What are the trade offs?
- Just like logins that require Multi-factor Authentication, the address can only be access by someone holding the physical device. This is both a pro and a con.
- The device could be damaged or be misplaced.
- It costs money to purchase.
At the end of the day, I think the biggest benefit of using a hardware wallet is the peace of mind it offers. Sure, it may not be 100% secure (but no wallet is), but it beats waking up one day and finding that that the contents are gone because the computer with the software wallets got hacked! I personally stake Ontology, which involves keeping the coins in my wallet for a long time ranging from months to maybe even years. I would prefer not having to constantly worry that the coins get stolen.
My personal rule of thumb: if the cost of the hardware wallet is less than 10% of my total holdings, I think it is worthwhile getting one. I treat it as spending 10% to secure the remaining 90%. At pixel time, the cheapest hardware wallet from Ledger is about 75 USD, which means I would get one if my total holdings exceeds 750 USD.
What if the device spoils or gets lost?
Popular hardware wallets usually provide a recovery method to restore onto another device.
Should I get more than one?
It’s up to you! Some people get multiple as backup devices. Some actually divide up the assets into several wallets. For me, the benefits of having one vs having none is way bigger than that of having multiple vs having one.
What are the brands?
The more popular ones are currently Ledger and Trezor. There are multiple brands out there but please do due diligence before buying any. I don’t particular recommend any brand, but I personally use the Ledger.
ABC brand is selling a hardware wallet for very cheap!
As with safes, I would get from a reputable brand. Shady brands may sell for cheap but the device could potentially be not as secure as they claim, or worse, that they reuse keys or even secretly keep the keys for themselves to use in future. (Remember, the addresses are publicly available)
XYZ website is selling a branded, popular hardware wallet for very cheap!
As with safes, I would get from a reputable distributor. My recommendation is to get direct from the brand, or get from an official distributor. The danger in getting from unofficial sources is that the device could be compromised. I wouldn’t want to buy a safe from a middleman who may or may not have made duplicates of the key. If i’m not sure, I would err on the side of caution.
What are unsafe methods of keeping keys?
There are no 100% safe methods, but there are many many unsafe methods.

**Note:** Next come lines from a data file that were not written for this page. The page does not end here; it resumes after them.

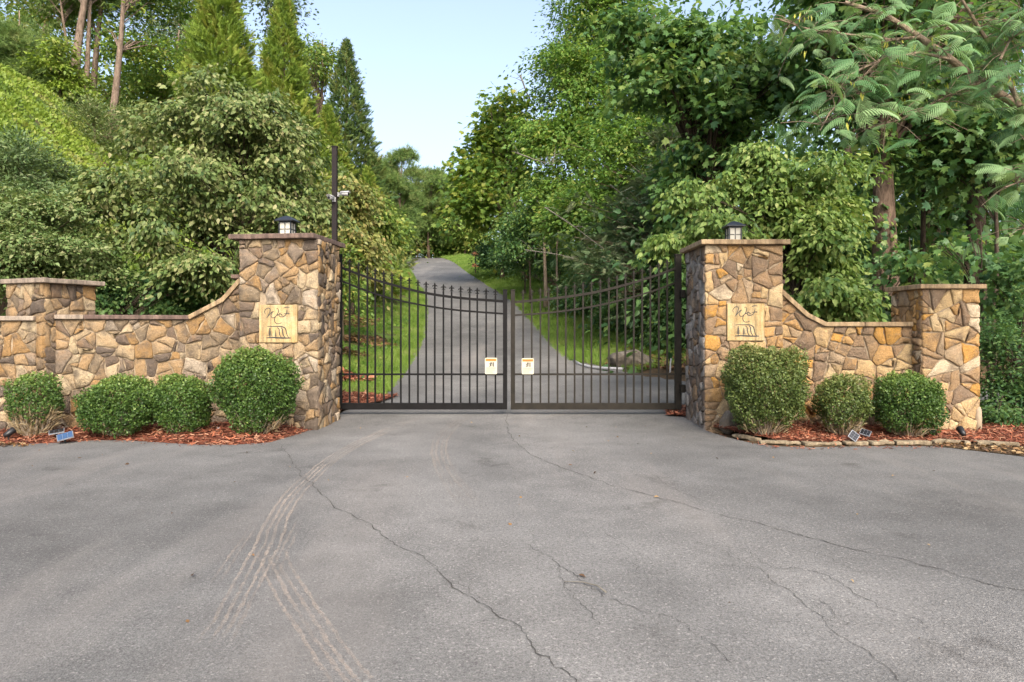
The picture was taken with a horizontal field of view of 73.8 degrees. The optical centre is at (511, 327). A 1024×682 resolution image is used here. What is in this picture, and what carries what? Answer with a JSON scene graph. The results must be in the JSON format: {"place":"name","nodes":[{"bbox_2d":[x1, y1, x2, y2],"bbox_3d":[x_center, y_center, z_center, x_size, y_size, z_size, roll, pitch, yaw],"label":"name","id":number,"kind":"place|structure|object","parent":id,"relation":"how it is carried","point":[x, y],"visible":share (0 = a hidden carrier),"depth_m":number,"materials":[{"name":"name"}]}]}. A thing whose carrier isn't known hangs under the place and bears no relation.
{"place":"outdoors","nodes":[
{"label":"outdoors","id":0,"kind":"place"},
{"bbox_2d":[0,258,1023,681],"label":"driveway","id":1,"kind":"structure","parent":0,"point":[368,560],"depth_m":3.99,"materials":[{"name":"grey asphalt"}]},
{"bbox_2d":[331,146,337,240],"bbox_3d":[-2.522,-0.638,9.708,0.091,3.876,0.110,0,0,0],"label":"camera post","id":2,"kind":"object","parent":1,"relation":"on","point":[334,192],"visible":0.39,"depth_m":9.69,"materials":[{"name":"metal"}]},
{"bbox_2d":[0,77,1023,456],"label":"terrain","id":3,"kind":"structure","parent":0,"point":[378,333],"depth_m":15.72,"materials":[{"name":"green plant"}]},
{"bbox_2d":[0,316,37,430],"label":"stone wall","id":4,"kind":"structure","parent":3,"relation":"on","point":[18,338],"depth_m":8.27,"materials":[{"name":"beige stone"}]},
{"bbox_2d":[0,0,86,39],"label":"hill tree","id":5,"kind":"object","parent":3,"relation":"on","point":[1,13],"visible":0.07,"depth_m":36.15,"materials":[{"name":"green plant"}]},
{"bbox_2d":[0,10,102,111],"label":"pine sapling","id":6,"kind":"object","parent":3,"relation":"on","point":[15,37],"visible":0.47,"depth_m":26.10,"materials":[{"name":"green plant"}]},
{"bbox_2d":[0,277,104,424],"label":"wall end pillar","id":7,"kind":"structure","parent":3,"relation":"on","point":[44,300],"depth_m":8.40,"materials":[{"name":"beige stone"}]},
{"bbox_2d":[0,114,114,250],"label":"laurel shrub","id":8,"kind":"object","parent":3,"relation":"on","point":[18,165],"visible":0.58,"depth_m":14.10,"materials":[{"name":"green plant"}]},
{"bbox_2d":[6,31,110,113],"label":"understory tree","id":9,"kind":"object","parent":3,"relation":"on","point":[68,79],"visible":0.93,"depth_m":25.73,"materials":[{"name":"green plant"}]},
{"bbox_2d":[0,0,118,82],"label":"forest tree","id":10,"kind":"object","parent":3,"relation":"on","point":[61,17],"visible":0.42,"depth_m":30.66,"materials":[{"name":"green plant"}]},
{"bbox_2d":[0,175,150,312],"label":"viburnum shrub","id":11,"kind":"object","parent":3,"relation":"on","point":[29,243],"visible":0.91,"depth_m":10.87,"materials":[{"name":"green plant"}]},
{"bbox_2d":[3,0,181,105],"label":"forest tree","id":12,"kind":"object","parent":3,"relation":"on","point":[81,22],"visible":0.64,"depth_m":29.12,"materials":[{"name":"green plant"}]},
{"bbox_2d":[9,0,182,105],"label":"forest tree","id":13,"kind":"object","parent":3,"relation":"on","point":[95,61],"visible":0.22,"depth_m":28.99,"materials":[{"name":"green plant"}]},
{"bbox_2d":[34,0,159,111],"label":"forest tree","id":14,"kind":"object","parent":3,"relation":"on","point":[88,42],"visible":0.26,"depth_m":27.34,"materials":[{"name":"green plant"}]},
{"bbox_2d":[46,84,159,163],"bbox_3d":[-14.252,-6.896,24.049,3.868,3.114,2.766,0,0,-27],"label":"wispy shrub","id":15,"kind":"object","parent":3,"relation":"on","point":[94,120],"visible":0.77,"depth_m":23.62,"materials":[{"name":"green plant"}]},
{"bbox_2d":[0,63,239,300],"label":"ground cover","id":16,"kind":"object","parent":3,"relation":"on","point":[38,111],"visible":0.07,"depth_m":21.38,"materials":[{"name":"green plant"}]},
{"bbox_2d":[0,0,255,103],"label":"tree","id":17,"kind":"object","parent":3,"relation":"on","point":[106,68],"visible":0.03,"depth_m":43.02,"materials":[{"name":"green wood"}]},
{"bbox_2d":[95,58,176,141],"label":"hill tree","id":18,"kind":"object","parent":3,"relation":"on","point":[162,94],"visible":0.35,"depth_m":29.87,"materials":[{"name":"green plant"}]},
{"bbox_2d":[54,274,239,427],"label":"stone wall","id":19,"kind":"structure","parent":3,"relation":"on","point":[96,349],"depth_m":8.68,"materials":[{"name":"beige stone"}]},
{"bbox_2d":[82,30,214,136],"bbox_3d":[-17.793,-11.987,33.984,8.552,5.723,5.829,0,0,0],"label":"hill tree","id":20,"kind":"object","parent":3,"relation":"on","point":[177,47],"visible":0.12,"depth_m":33.06,"materials":[{"name":"green plant"}]},
{"bbox_2d":[76,266,226,314],"bbox_3d":[-6.393,-0.063,11.819,3.312,2.198,2.789,0,0,0],"label":"shade shrub","id":21,"kind":"object","parent":3,"relation":"on","point":[165,304],"visible":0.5,"depth_m":11.52,"materials":[{"name":"green plant"}]},
{"bbox_2d":[0,420,307,444],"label":"mulch bed","id":22,"kind":"object","parent":3,"relation":"on","point":[148,440],"visible":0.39,"depth_m":7.88,"materials":[{"name":"brown wood"}]},
{"bbox_2d":[2,370,65,436],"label":"boxwood shrub","id":23,"kind":"object","parent":22,"relation":"on","point":[37,416],"visible":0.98,"depth_m":7.83,"materials":[{"name":"green plant"}]},
{"bbox_2d":[71,372,158,438],"bbox_3d":[-4.621,0.915,8.065,1.021,0.758,0.812,0,0,0],"label":"boxwood shrub","id":24,"kind":"object","parent":22,"relation":"on","point":[131,415],"visible":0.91,"depth_m":7.82,"materials":[{"name":"green plant"}]},
{"bbox_2d":[146,373,212,433],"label":"boxwood shrub","id":25,"kind":"object","parent":22,"relation":"on","point":[173,415],"visible":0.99,"depth_m":7.95,"materials":[{"name":"green plant"}]},
{"bbox_2d":[205,345,304,433],"bbox_3d":[-3.033,0.746,8.100,1.044,1.088,0.806,0,0,0],"label":"boxwood shrub","id":26,"kind":"object","parent":22,"relation":"on","point":[265,413],"visible":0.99,"depth_m":7.89,"materials":[{"name":"green plant"}]},
{"bbox_2d":[74,0,248,137],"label":"forest tree","id":27,"kind":"object","parent":3,"relation":"on","point":[130,44],"visible":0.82,"depth_m":28.06,"materials":[{"name":"green plant"}]},
{"bbox_2d":[118,0,224,51],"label":"hill tree","id":28,"kind":"object","parent":3,"relation":"on","point":[166,30],"visible":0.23,"depth_m":37.60,"materials":[{"name":"green plant"}]},
{"bbox_2d":[35,61,367,314],"bbox_3d":[-5.539,-1.920,12.305,5.646,5.752,4.045,0,0,0],"label":"dogwood tree","id":29,"kind":"object","parent":3,"relation":"on","point":[265,138],"visible":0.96,"depth_m":11.83,"materials":[{"name":"green plant"}]},
{"bbox_2d":[136,0,275,231],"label":"cedar tree","id":30,"kind":"object","parent":3,"relation":"on","point":[228,40],"visible":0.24,"depth_m":21.38,"materials":[{"name":"green plant"}]},
{"bbox_2d":[1,227,428,394],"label":"grass","id":31,"kind":"structure","parent":3,"relation":"on","point":[396,365],"depth_m":20.54,"materials":[{"name":"green plant"}]},
{"bbox_2d":[243,0,326,91],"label":"hill tree","id":32,"kind":"object","parent":3,"relation":"on","point":[268,3],"visible":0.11,"depth_m":35.94,"materials":[{"name":"green plant"}]},
{"bbox_2d":[228,233,344,429],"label":"gate pillar","id":33,"kind":"structure","parent":3,"relation":"on","point":[289,294],"depth_m":8.67,"materials":[{"name":"stone"}]},
{"bbox_2d":[274,216,299,232],"bbox_3d":[-3.000,-1.335,9.120,0.250,0.303,0.250,0,0,6],"label":"pillar lantern","id":34,"kind":"object","parent":33,"relation":"on","point":[287,224],"visible":0.63,"depth_m":9.04,"materials":[{"name":"glass"}]},
{"bbox_2d":[339,254,507,409],"bbox_3d":[-1.315,0.065,9.900,2.504,2.248,0.105,0,0,0],"label":"gate leaf","id":35,"kind":"object","parent":33,"relation":"attached to","point":[423,406],"visible":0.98,"depth_m":9.89,"materials":[{"name":"black paint"}]},
{"bbox_2d":[485,358,496,373],"bbox_3d":[-0.303,0.560,9.878,0.176,0.236,0.008,0,0,0],"label":"warning sign","id":36,"kind":"object","parent":35,"relation":"attached to","point":[490,365],"visible":1,"depth_m":9.88,"materials":[{"name":"white plastic"}]},
{"bbox_2d":[250,0,331,228],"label":"cedar tree","id":37,"kind":"object","parent":3,"relation":"on","point":[293,80],"visible":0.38,"depth_m":25.06,"materials":[{"name":"green plant"}]},
{"bbox_2d":[257,28,366,124],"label":"hill tree","id":38,"kind":"object","parent":3,"relation":"on","point":[320,59],"visible":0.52,"depth_m":33.52,"materials":[{"name":"green plant"}]},
{"bbox_2d":[317,102,359,182],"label":"cedar tree","id":39,"kind":"object","parent":3,"relation":"on","point":[328,121],"visible":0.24,"depth_m":30.76,"materials":[{"name":"green plant"}]},
{"bbox_2d":[293,166,420,345],"bbox_3d":[-4.429,-1.950,18.997,3.914,5.018,3.422,0,0,33],"label":"autumn dogwood","id":40,"kind":"object","parent":3,"relation":"on","point":[361,200],"visible":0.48,"depth_m":18.76,"materials":[{"name":"green plant"}]},
{"bbox_2d":[344,309,379,326],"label":"leaf litter","id":41,"kind":"object","parent":3,"relation":"on","point":[361,319],"visible":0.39,"depth_m":23.93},
{"bbox_2d":[339,237,385,332],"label":"verge shrub","id":42,"kind":"object","parent":3,"relation":"on","point":[354,290],"visible":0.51,"depth_m":15.35,"materials":[{"name":"green plant"}]},
{"bbox_2d":[340,389,398,410],"bbox_3d":[-2.790,1.178,10.800,1.620,0.152,2.600,0,0,0],"label":"mulch bed","id":43,"kind":"object","parent":3,"relation":"on","point":[363,398],"visible":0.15,"depth_m":11.53,"materials":[{"name":"brown wood"}]},
{"bbox_2d":[319,37,419,274],"bbox_3d":[-7.913,-8.209,33.066,6.834,11.638,6.402,0,0,0],"label":"cedar tree","id":44,"kind":"object","parent":3,"relation":"on","point":[354,131],"visible":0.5,"depth_m":32.52,"materials":[{"name":"green plant"}]},
{"bbox_2d":[344,332,396,346],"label":"leaf litter","id":45,"kind":"object","parent":3,"relation":"on","point":[370,337],"visible":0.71,"depth_m":20.25,"materials":[{"name":"brown plant"}]},
{"bbox_2d":[358,165,412,298],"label":"cedar tree","id":46,"kind":"object","parent":3,"relation":"on","point":[367,176],"visible":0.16,"depth_m":29.89,"materials":[{"name":"green plant"}]},
{"bbox_2d":[351,187,427,314],"bbox_3d":[-5.024,-2.657,24.582,4.235,4.617,4.477,0,0,0],"label":"autumn dogwood","id":47,"kind":"object","parent":3,"relation":"on","point":[397,227],"visible":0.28,"depth_m":24.54,"materials":[{"name":"green plant"}]},
{"bbox_2d":[375,142,436,252],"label":"pine tree","id":48,"kind":"object","parent":3,"relation":"on","point":[397,184],"visible":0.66,"depth_m":69.64,"materials":[{"name":"green plant"}]},
{"bbox_2d":[404,203,442,257],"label":"thicket","id":49,"kind":"object","parent":3,"relation":"on","point":[417,248],"visible":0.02,"depth_m":78.89,"materials":[{"name":"green plant"}]},
{"bbox_2d":[388,164,460,257],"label":"pine tree","id":50,"kind":"object","parent":3,"relation":"on","point":[430,206],"visible":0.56,"depth_m":77.45,"materials":[{"name":"green plant"}]},
{"bbox_2d":[411,220,483,257],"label":"thicket","id":51,"kind":"object","parent":3,"relation":"on","point":[438,252],"visible":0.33,"depth_m":80.52,"materials":[{"name":"green plant"}]},
{"bbox_2d":[419,185,504,255],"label":"thicket","id":52,"kind":"object","parent":3,"relation":"on","point":[461,228],"visible":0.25,"depth_m":78.06,"materials":[{"name":"green plant"}]},
{"bbox_2d":[459,236,510,278],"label":"woodland shrub","id":53,"kind":"object","parent":3,"relation":"on","point":[483,250],"visible":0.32,"depth_m":47.93,"materials":[{"name":"green plant"}]},
{"bbox_2d":[419,76,574,279],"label":"sycamore tree","id":54,"kind":"object","parent":3,"relation":"on","point":[470,195],"visible":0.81,"depth_m":42.12,"materials":[{"name":"green plant"}]},
{"bbox_2d":[476,230,568,292],"bbox_3d":[0.596,-3.775,36.153,5.103,4.161,3.959,0,0,20],"label":"woodland shrub","id":55,"kind":"object","parent":3,"relation":"on","point":[506,264],"visible":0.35,"depth_m":35.87,"materials":[{"name":"green plant"}]},
{"bbox_2d":[477,172,573,303],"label":"tree","id":56,"kind":"object","parent":3,"relation":"on","point":[509,246],"visible":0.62,"depth_m":31.30,"materials":[{"name":"green plant"}]},
{"bbox_2d":[509,174,571,306],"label":"sapling","id":57,"kind":"object","parent":3,"relation":"on","point":[527,196],"visible":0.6,"depth_m":30.25,"materials":[{"name":"green plant"}]},
{"bbox_2d":[506,237,586,284],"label":"woodland shrub","id":58,"kind":"object","parent":3,"relation":"on","point":[560,264],"visible":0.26,"depth_m":40.60,"materials":[{"name":"green plant"}]},
{"bbox_2d":[514,0,592,253],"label":"oak tree","id":59,"kind":"object","parent":3,"relation":"on","point":[543,92],"visible":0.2,"depth_m":41.68,"materials":[{"name":"green plant"}]},
{"bbox_2d":[439,253,685,369],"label":"grass","id":60,"kind":"structure","parent":3,"relation":"on","point":[462,262],"depth_m":25.97,"materials":[{"name":"green plant"}]},
{"bbox_2d":[544,259,606,313],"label":"woodland shrub","id":61,"kind":"object","parent":3,"relation":"on","point":[560,278],"visible":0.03,"depth_m":29.07,"materials":[{"name":"green plant"}]},
{"bbox_2d":[543,266,618,318],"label":"woodland shrub","id":62,"kind":"object","parent":3,"relation":"on","point":[569,289],"visible":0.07,"depth_m":27.66,"materials":[{"name":"green plant"}]},
{"bbox_2d":[488,0,690,248],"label":"maple tree","id":63,"kind":"object","parent":3,"relation":"on","point":[576,55],"visible":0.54,"depth_m":31.71,"materials":[{"name":"green plant"}]},
{"bbox_2d":[559,258,622,325],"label":"woodland shrub","id":64,"kind":"object","parent":3,"relation":"on","point":[595,298],"visible":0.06,"depth_m":24.96,"materials":[{"name":"green plant"}]},
{"bbox_2d":[575,296,645,334],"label":"woodland shrub","id":65,"kind":"object","parent":3,"relation":"on","point":[602,320],"visible":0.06,"depth_m":23.21,"materials":[{"name":"green plant"}]},
{"bbox_2d":[511,60,725,271],"bbox_3d":[4.440,-5.494,25.866,8.970,10.589,7.008,0,0,0],"label":"maple tree","id":66,"kind":"object","parent":3,"relation":"on","point":[613,139],"visible":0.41,"depth_m":25.09,"materials":[{"name":"green plant"}]},
{"bbox_2d":[528,112,720,345],"bbox_3d":[3.838,-2.880,20.757,6.753,8.199,5.499,0,0,0],"label":"hemlock tree","id":67,"kind":"object","parent":3,"relation":"on","point":[610,231],"visible":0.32,"depth_m":20.11,"materials":[{"name":"green plant"}]},
{"bbox_2d":[607,349,653,368],"bbox_3d":[2.849,0.797,16.331,1.117,0.549,0.712,0,0,0],"label":"boulder","id":68,"kind":"object","parent":3,"relation":"on","point":[629,360],"visible":0.48,"depth_m":16.06,"materials":[{"name":"grey stone"}]},
{"bbox_2d":[605,346,685,369],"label":"leaf litter","id":69,"kind":"object","parent":3,"relation":"on","point":[672,364],"visible":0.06,"depth_m":15.94,"materials":[{"name":"brown plant"}]},
{"bbox_2d":[629,265,685,352],"bbox_3d":[5.241,-0.462,18.005,4.243,3.364,4.184,0,0,0],"label":"woodland shrub","id":70,"kind":"object","parent":3,"relation":"on","point":[663,314],"visible":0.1,"depth_m":18.29,"materials":[{"name":"green plant"}]},
{"bbox_2d":[639,296,685,350],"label":"woodland shrub","id":71,"kind":"object","parent":3,"relation":"on","point":[646,343],"visible":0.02,"depth_m":18.35,"materials":[{"name":"green plant"}]},
{"bbox_2d":[503,119,856,279],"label":"woodland","id":72,"kind":"object","parent":3,"relation":"on","point":[622,222],"depth_m":48.00,"materials":[{"name":"green plant"}]},
{"bbox_2d":[566,0,850,284],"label":"tulip tree","id":73,"kind":"object","parent":3,"relation":"on","point":[678,64],"visible":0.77,"depth_m":16.72,"materials":[{"name":"green plant"}]},
{"bbox_2d":[680,239,789,433],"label":"gate pillar","id":74,"kind":"structure","parent":3,"relation":"on","point":[734,293],"depth_m":8.64,"materials":[{"name":"stone"}]},
{"bbox_2d":[679,264,686,392],"bbox_3d":[2.475,0.110,9.777,0.120,2.320,0.215,0,0,0],"label":"hinge post","id":75,"kind":"object","parent":74,"relation":"attached to","point":[682,294],"visible":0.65,"depth_m":9.74,"materials":[{"name":"brown metal"}]},
{"bbox_2d":[510,254,682,409],"bbox_3d":[1.219,0.065,9.900,2.486,2.248,0.105,0,0,0],"label":"gate leaf","id":76,"kind":"object","parent":75,"relation":"attached to","point":[677,403],"visible":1,"depth_m":9.89,"materials":[{"name":"brown metal"}]},
{"bbox_2d":[522,358,533,373],"bbox_3d":[0.228,0.564,9.878,0.176,0.231,0.008,0,0,0],"label":"warning sign","id":77,"kind":"object","parent":76,"relation":"attached to","point":[527,365],"visible":1,"depth_m":9.88,"materials":[{"name":"white plastic"}]},
{"bbox_2d":[721,221,745,238],"bbox_3d":[2.945,-1.258,9.080,0.250,0.303,0.250,0,0,0],"label":"pillar lantern","id":78,"kind":"object","parent":74,"relation":"on","point":[733,229],"visible":0.64,"depth_m":9.01,"materials":[{"name":"glass"}]},
{"bbox_2d":[627,137,911,321],"bbox_3d":[4.388,-1.005,11.474,4.726,4.539,3.381,0,0,14],"label":"dogwood tree","id":79,"kind":"object","parent":3,"relation":"on","point":[819,224],"visible":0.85,"depth_m":11.04,"materials":[{"name":"green plant"}]},
{"bbox_2d":[558,175,1023,372],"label":"woodland","id":80,"kind":"object","parent":3,"relation":"on","point":[1005,249],"visible":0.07,"depth_m":17.05,"materials":[{"name":"green plant"}]},
{"bbox_2d":[772,51,860,174],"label":"forest tree","id":81,"kind":"object","parent":3,"relation":"on","point":[849,149],"visible":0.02,"depth_m":23.87,"materials":[{"name":"green plant"}]},
{"bbox_2d":[633,0,1023,280],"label":"woodland","id":82,"kind":"object","parent":3,"relation":"on","point":[812,148],"depth_m":31.96,"materials":[{"name":"green plant"}]},
{"bbox_2d":[781,280,912,425],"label":"stone wall","id":83,"kind":"structure","parent":3,"relation":"on","point":[868,350],"depth_m":8.65,"materials":[{"name":"beige stone"}]},
{"bbox_2d":[713,420,1023,445],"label":"mulch bed","id":84,"kind":"object","parent":3,"relation":"on","point":[797,439],"visible":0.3,"depth_m":7.93,"materials":[{"name":"brown wood"}]},
{"bbox_2d":[719,410,738,433],"bbox_3d":[2.724,1.188,8.516,0.282,0.305,0.151,0,0,0],"label":"rubble stone","id":85,"kind":"object","parent":84,"relation":"on","point":[727,418],"visible":0.67,"depth_m":8.46,"materials":[{"name":"grey stone"}]},
{"bbox_2d":[719,342,812,434],"bbox_3d":[2.997,0.723,8.030,1.021,1.103,0.970,0,0,-20],"label":"boxwood shrub","id":86,"kind":"object","parent":84,"relation":"on","point":[781,407],"visible":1,"depth_m":7.83,"materials":[{"name":"green plant"}]},
{"bbox_2d":[811,372,874,434],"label":"boxwood shrub","id":87,"kind":"object","parent":84,"relation":"on","point":[843,417],"visible":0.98,"depth_m":7.90,"materials":[{"name":"green plant"}]},
{"bbox_2d":[868,369,950,436],"bbox_3d":[4.610,0.889,7.954,0.854,0.788,0.810,0,0,0],"label":"boxwood shrub","id":88,"kind":"object","parent":84,"relation":"on","point":[928,397],"visible":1,"depth_m":7.76,"materials":[{"name":"green plant"}]},
{"bbox_2d":[721,0,1023,321],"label":"tulip tree","id":89,"kind":"object","parent":3,"relation":"on","point":[884,206],"visible":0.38,"depth_m":13.85,"materials":[{"name":"green plant"}]},
{"bbox_2d":[732,433,1019,445],"bbox_3d":[4.053,1.294,7.656,3.004,0.085,0.512,0,0,14],"label":"bed edging","id":90,"kind":"object","parent":3,"relation":"on","point":[863,443],"visible":0.84,"depth_m":7.63,"materials":[{"name":"stone"}]},
{"bbox_2d":[755,0,1023,264],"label":"mimosa tree","id":91,"kind":"object","parent":3,"relation":"on","point":[887,57],"visible":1,"depth_m":7.47,"materials":[{"name":"green plant"}]},
{"bbox_2d":[834,211,964,321],"bbox_3d":[9.251,-0.832,17.377,4.730,4.101,4.918,0,0,30],"label":"forest tree","id":92,"kind":"object","parent":3,"relation":"on","point":[916,245],"visible":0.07,"depth_m":15.99,"materials":[{"name":"green plant"}]},
{"bbox_2d":[859,242,944,321],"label":"young tulip tree","id":93,"kind":"object","parent":3,"relation":"on","point":[880,264],"visible":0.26,"depth_m":12.75,"materials":[{"name":"green plant"}]},
{"bbox_2d":[795,0,1017,283],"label":"forest tree","id":94,"kind":"object","parent":3,"relation":"on","point":[923,222],"visible":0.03,"depth_m":15.43,"materials":[{"name":"green plant"}]},
{"bbox_2d":[872,237,954,318],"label":"young tulip tree","id":95,"kind":"object","parent":3,"relation":"on","point":[911,271],"visible":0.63,"depth_m":11.91,"materials":[{"name":"green plant"}]},
{"bbox_2d":[846,162,1023,261],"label":"forest tree","id":96,"kind":"object","parent":3,"relation":"on","point":[958,211],"visible":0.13,"depth_m":18.64,"materials":[{"name":"green plant"}]},
{"bbox_2d":[885,284,986,430],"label":"wall end pillar","id":97,"kind":"structure","parent":3,"relation":"on","point":[944,319],"depth_m":8.26,"materials":[{"name":"beige stone"}]},
{"bbox_2d":[864,89,1023,379],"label":"forest tree","id":98,"kind":"object","parent":3,"relation":"on","point":[986,124],"visible":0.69,"depth_m":13.44,"materials":[{"name":"green plant"}]},
{"bbox_2d":[904,221,1015,396],"bbox_3d":[7.400,-0.229,11.244,1.770,2.991,1.206,0,0,-21],"label":"young tulip tree","id":99,"kind":"object","parent":3,"relation":"on","point":[978,264],"visible":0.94,"depth_m":11.13,"materials":[{"name":"green plant"}]},
{"bbox_2d":[927,0,1023,362],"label":"forest tree","id":100,"kind":"object","parent":3,"relation":"on","point":[969,221],"visible":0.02,"depth_m":16.30,"materials":[{"name":"green plant"}]},
{"bbox_2d":[931,443,1023,455],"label":"dirt strip","id":101,"kind":"object","parent":3,"relation":"on","point":[988,447],"visible":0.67,"depth_m":7.28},
{"bbox_2d":[936,439,1023,454],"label":"leaf litter","id":102,"kind":"object","parent":3,"relation":"on","point":[961,443],"visible":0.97,"depth_m":7.29,"materials":[{"name":"brown plant"}]},
{"bbox_2d":[965,252,1023,364],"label":"young tulip tree","id":103,"kind":"object","parent":3,"relation":"on","point":[1014,272],"visible":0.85,"depth_m":10.86,"materials":[{"name":"green plant"}]},
{"bbox_2d":[979,283,1023,428],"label":"evergreen hedge","id":104,"kind":"object","parent":3,"relation":"on","point":[1008,404],"visible":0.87,"depth_m":9.37,"materials":[{"name":"green plant"}]},
{"bbox_2d":[0,0,1023,257],"label":"sky","id":105,"kind":"structure","parent":0,"point":[426,63],"materials":[{"name":"white"}]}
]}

- Storing keys in cloud storage apps (Dropbox, Google Drive, email) are really unsafe.
- Keeping the plain text (unencrypted) private keys in a file on your computer is also really unsafe (unless the computer has no access to the Internet).
- This also applies to encryption passwords and recovery phrases.
I’ve heard of “paper wallets”, are the the same as hardware wallets?
Well, technically paper is a physical object and so might be considered hardware. But that’s where the similarity stop. A paper wallet is essentially printing out the private key on something (eg, paper or coin) either as plain text or QR, akin to writing down password on a paper. To use it, either type the private key or scan the QR code. As you can probably imagine, this is not only cumbersome to use but also incredibly dangerous if the object is lost.